The `data` object is a list that contains two dict. The second element is a report of the structure.

In [12]:
data[1]

{'type': 'report', 'directories': 2949, 'files': 7}

The first is the tree structure of depth 2. The label `"contents"` is of interest to us. It is a list of subdirectories, those of level 1.

In [16]:
len(data[0]["contents"])

150

I want to extract the names of the directories of level 2, to have a rough idea of what is available.

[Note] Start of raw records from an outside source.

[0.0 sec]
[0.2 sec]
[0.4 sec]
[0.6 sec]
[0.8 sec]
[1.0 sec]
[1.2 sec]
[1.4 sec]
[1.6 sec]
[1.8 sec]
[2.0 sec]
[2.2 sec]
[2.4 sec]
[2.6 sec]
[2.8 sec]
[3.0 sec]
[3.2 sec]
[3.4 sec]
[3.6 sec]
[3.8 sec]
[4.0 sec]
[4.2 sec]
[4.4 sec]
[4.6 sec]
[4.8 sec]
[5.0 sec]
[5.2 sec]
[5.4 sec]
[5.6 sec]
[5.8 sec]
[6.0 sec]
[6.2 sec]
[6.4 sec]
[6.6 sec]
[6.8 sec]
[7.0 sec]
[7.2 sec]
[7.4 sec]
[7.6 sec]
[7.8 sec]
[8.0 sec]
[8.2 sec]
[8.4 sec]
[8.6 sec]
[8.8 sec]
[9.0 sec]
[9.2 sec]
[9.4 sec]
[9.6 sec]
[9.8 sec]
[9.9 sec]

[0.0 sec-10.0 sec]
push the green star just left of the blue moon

I will use the set data structure in order to quickly deal with duplicates.

In [29]:
level_2_names = set()
level_2_files = set()

In [30]:
level_1 = data[0]["contents"]

Here is a sample of a level 1 dir

In [31]:
level_1[0]

{'type': 'directory',
 'name': 'allen-p',
 'contents': [{'type': 'directory', 'name': 'all_documents'},
  {'type': 'directory', 'name': 'contacts'},
  {'type': 'directory', 'name': 'deleted_items'},
  {'type': 'directory', 'name': 'discussion_threads'},
  {'type': 'directory', 'name': 'inbox'},
  {'type': 'directory', 'name': 'notes_inbox'},
  {'type': 'directory', 'name': 'sent'},
  {'type': 'directory', 'name': 'sent_items'},
  {'type': 'directory', 'name': '_sent_mail'},
  {'type': 'directory', 'name': 'straw'}]}

In [32]:
for folder in level_1:
    sub = folder["contents"]
    for subsub in sub:
        if subsub["type"] == "directory":
            level_2_names.add(subsub["name"])
        else:
            level_2_files.add((folder["name"],subsub["name"]))

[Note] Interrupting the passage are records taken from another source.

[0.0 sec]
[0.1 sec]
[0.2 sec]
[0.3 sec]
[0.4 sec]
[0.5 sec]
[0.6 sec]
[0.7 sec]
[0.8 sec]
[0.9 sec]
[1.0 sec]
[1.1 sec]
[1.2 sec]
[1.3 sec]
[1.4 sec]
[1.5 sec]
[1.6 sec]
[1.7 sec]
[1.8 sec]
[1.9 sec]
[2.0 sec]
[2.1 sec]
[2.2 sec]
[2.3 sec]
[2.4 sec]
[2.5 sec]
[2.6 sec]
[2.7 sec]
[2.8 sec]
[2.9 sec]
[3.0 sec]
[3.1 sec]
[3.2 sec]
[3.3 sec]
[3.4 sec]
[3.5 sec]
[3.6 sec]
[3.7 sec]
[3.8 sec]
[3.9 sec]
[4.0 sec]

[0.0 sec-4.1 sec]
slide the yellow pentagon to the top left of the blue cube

The files in `level_2_files` are mails that are not classified.

In [34]:
level_2_files

{('baughman-d', '1.'),
 ('corman-s', '1.'),
 ('lokay-m', '1.'),
 ('richey-c', '1.'),
 ('scholtes-d', '1.'),
 ('shively-h', '1.'),
 ('shively-h', '2.')}

I went trough these emails. Some of them look like spams but others are relevant emails (from enron to enron employees). So we should keep them. I would think that these email weren't processed in time.

The set `level_2_names` contains the names of level 2 folders

In [36]:
len(level_2_names)

1425

It is quite a long set and I feel that it may be untreatable by hand. Do we need to include it in the data? Or is this info already present in the email files?

Yes it is in the header under the field `X-Folder`

NOTE: when you open a mail in some app, you may find the char `^M` at the end of lines. This is the symbol used by windows to indicate the return character.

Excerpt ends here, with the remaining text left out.